# Assigned task
Omit every picture. Return all other data as it stands.

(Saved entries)
Start of Block

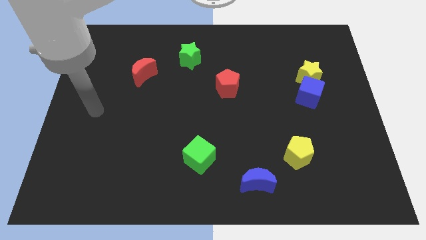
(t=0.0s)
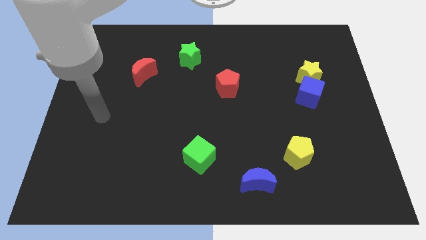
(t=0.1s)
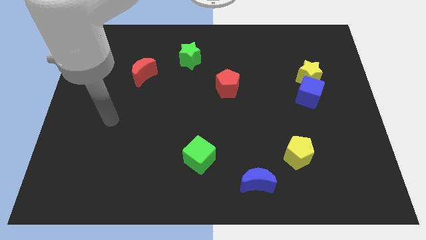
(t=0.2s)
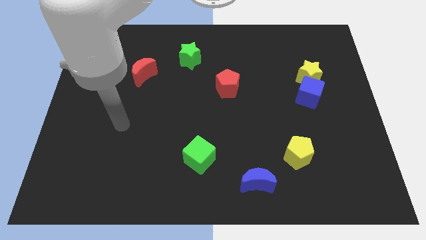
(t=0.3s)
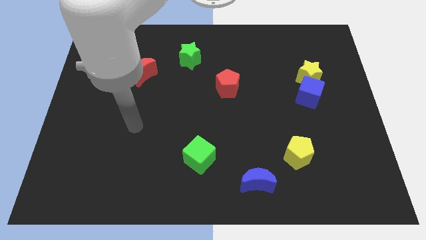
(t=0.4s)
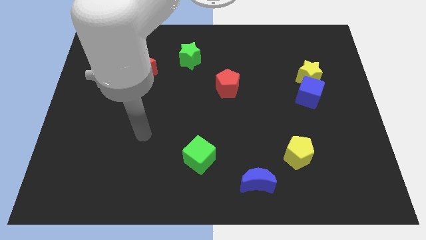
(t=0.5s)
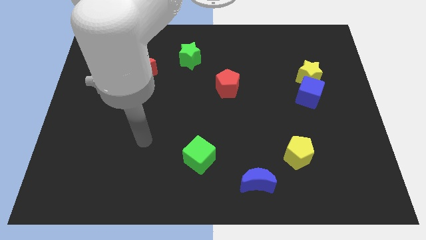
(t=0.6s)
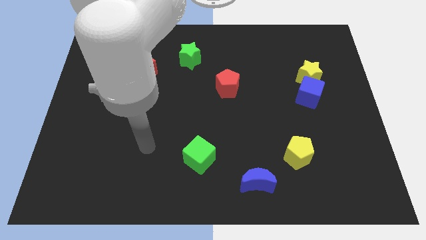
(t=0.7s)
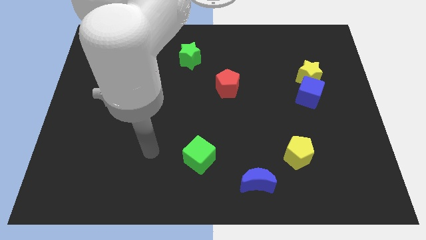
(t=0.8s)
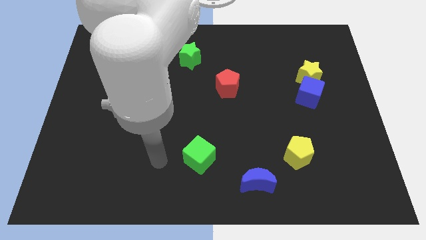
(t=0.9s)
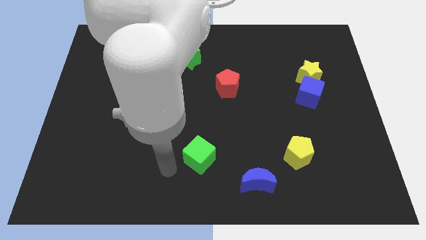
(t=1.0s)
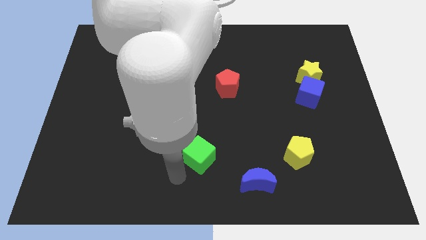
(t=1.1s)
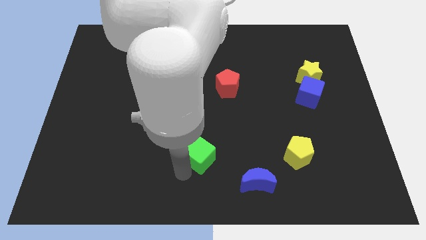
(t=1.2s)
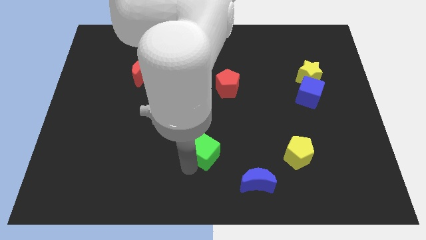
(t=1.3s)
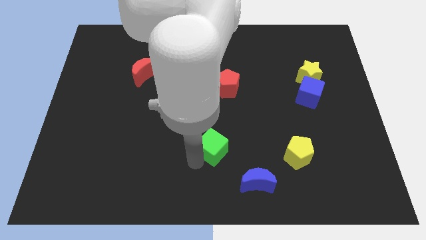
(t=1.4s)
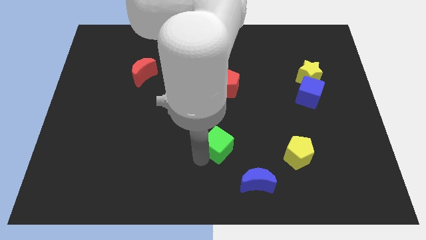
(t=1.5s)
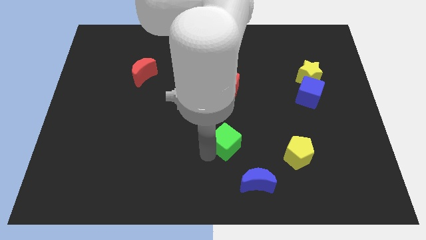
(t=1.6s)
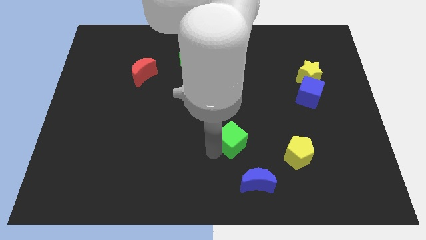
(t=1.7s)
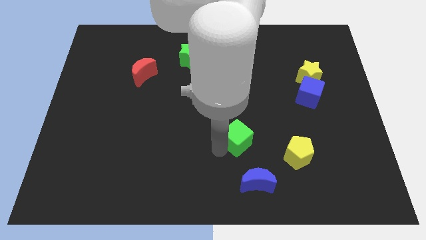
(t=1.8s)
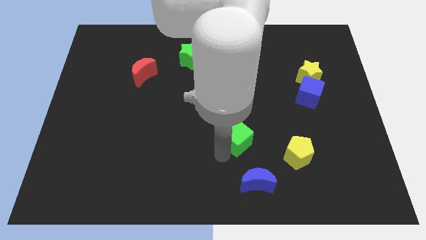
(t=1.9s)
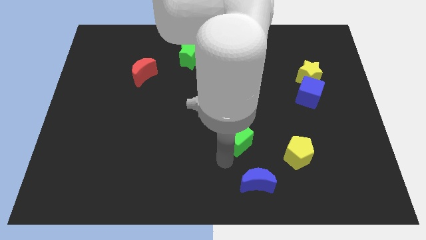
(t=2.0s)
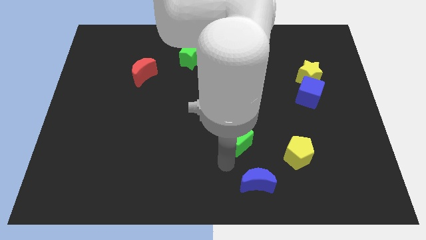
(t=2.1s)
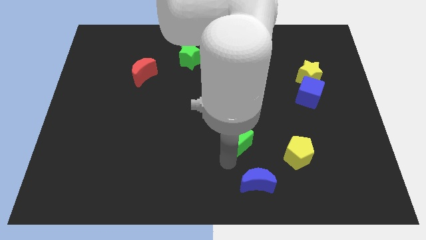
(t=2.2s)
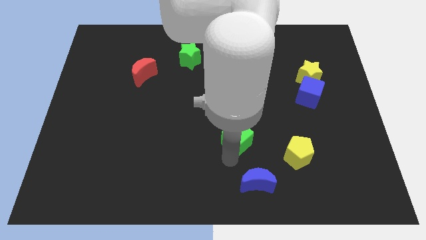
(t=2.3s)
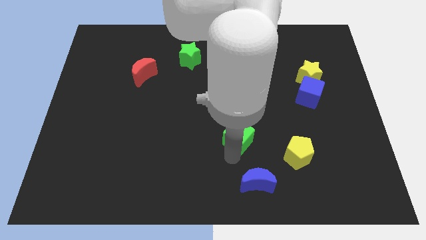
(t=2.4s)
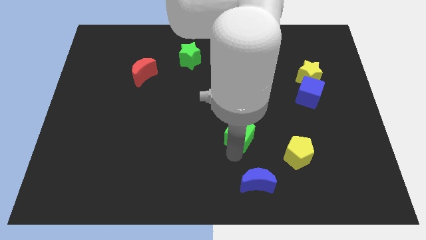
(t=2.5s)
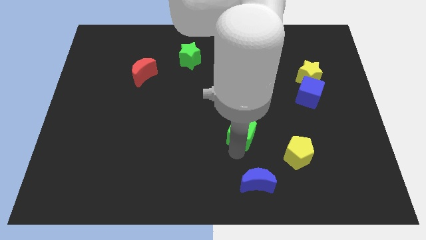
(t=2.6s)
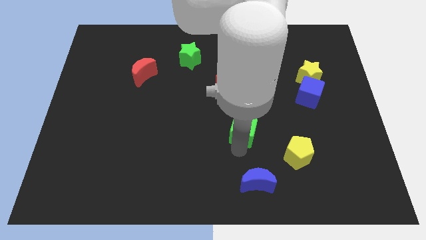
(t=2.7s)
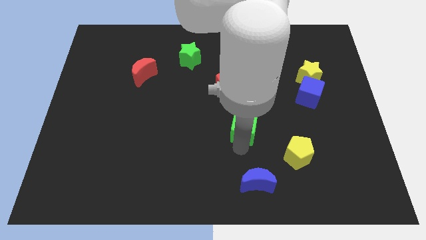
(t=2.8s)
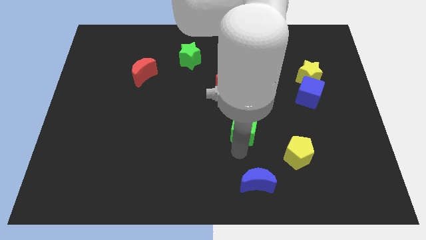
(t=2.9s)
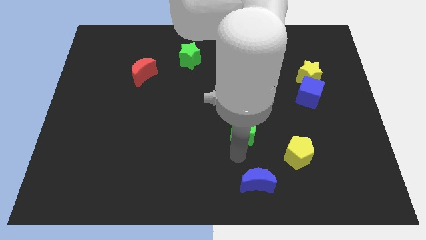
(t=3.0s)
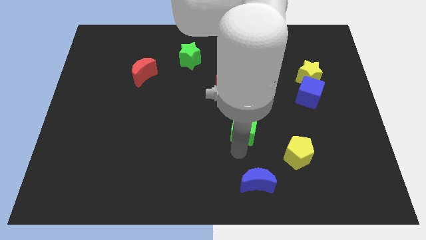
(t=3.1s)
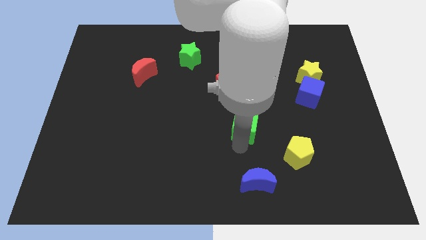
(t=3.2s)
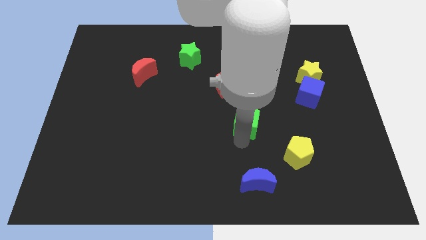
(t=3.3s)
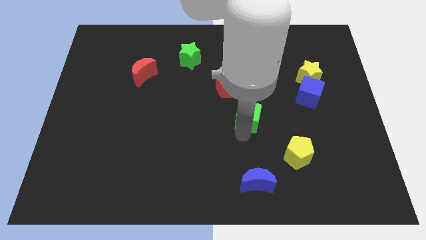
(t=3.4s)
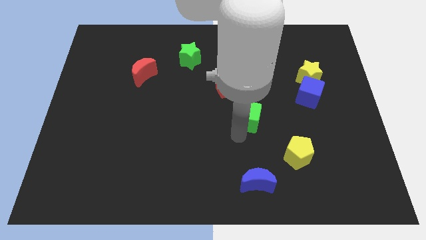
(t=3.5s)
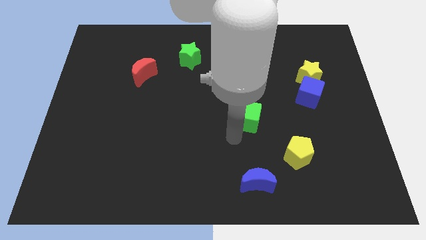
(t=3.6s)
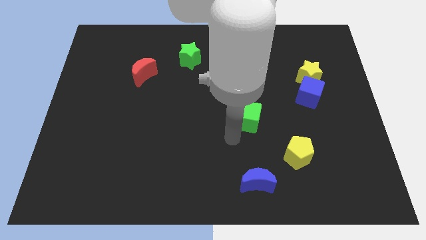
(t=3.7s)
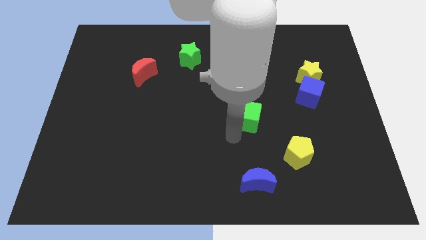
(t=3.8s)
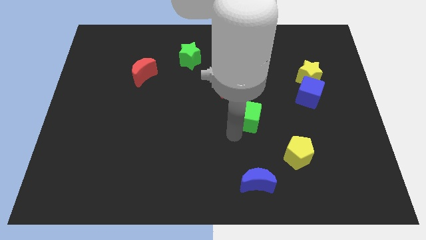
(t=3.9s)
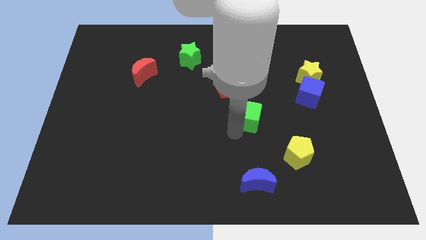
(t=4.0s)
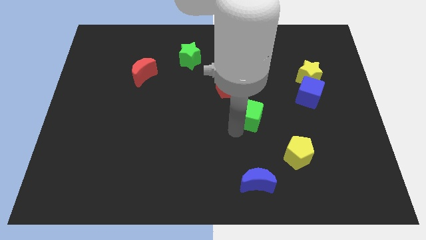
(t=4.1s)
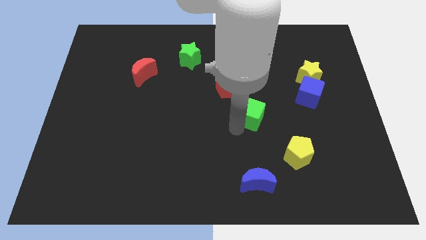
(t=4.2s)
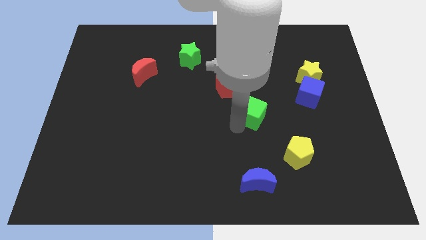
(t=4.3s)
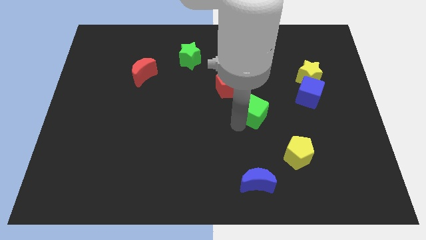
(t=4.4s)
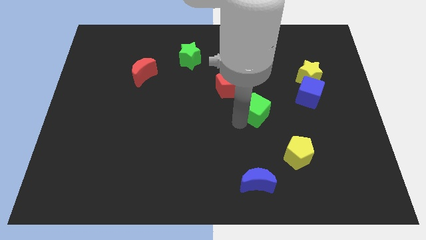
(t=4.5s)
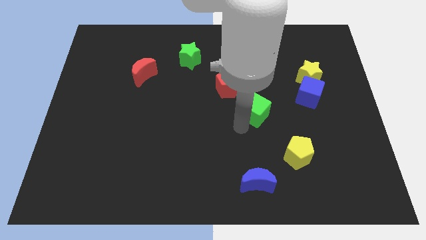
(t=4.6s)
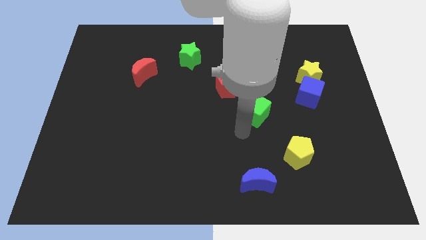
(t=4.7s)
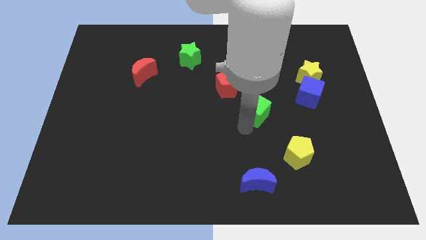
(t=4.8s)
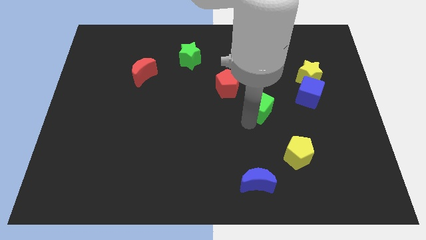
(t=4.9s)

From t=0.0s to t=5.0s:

End of Block

# The answer
(t=0.0s)
(t=0.1s)
(t=0.2s)
(t=0.3s)
(t=0.4s)
(t=0.5s)
(t=0.6s)
(t=0.7s)
(t=0.8s)
(t=0.9s)
(t=1.0s)
(t=1.1s)
(t=1.2s)
(t=1.3s)
(t=1.4s)
(t=1.5s)
(t=1.6s)
(t=1.7s)
(t=1.8s)
(t=1.9s)
(t=2.0s)
(t=2.1s)
(t=2.2s)
(t=2.3s)
(t=2.4s)
(t=2.5s)
(t=2.6s)
(t=2.7s)
(t=2.8s)
(t=2.9s)
(t=3.0s)
(t=3.1s)
(t=3.2s)
(t=3.3s)
(t=3.4s)
(t=3.5s)
(t=3.6s)
(t=3.7s)
(t=3.8s)
(t=3.9s)
(t=4.0s)
(t=4.1s)
(t=4.2s)
(t=4.3s)
(t=4.4s)
(t=4.5s)
(t=4.6s)
(t=4.7s)
(t=4.8s)
(t=4.9s)

From t=0.0s to t=5.0s:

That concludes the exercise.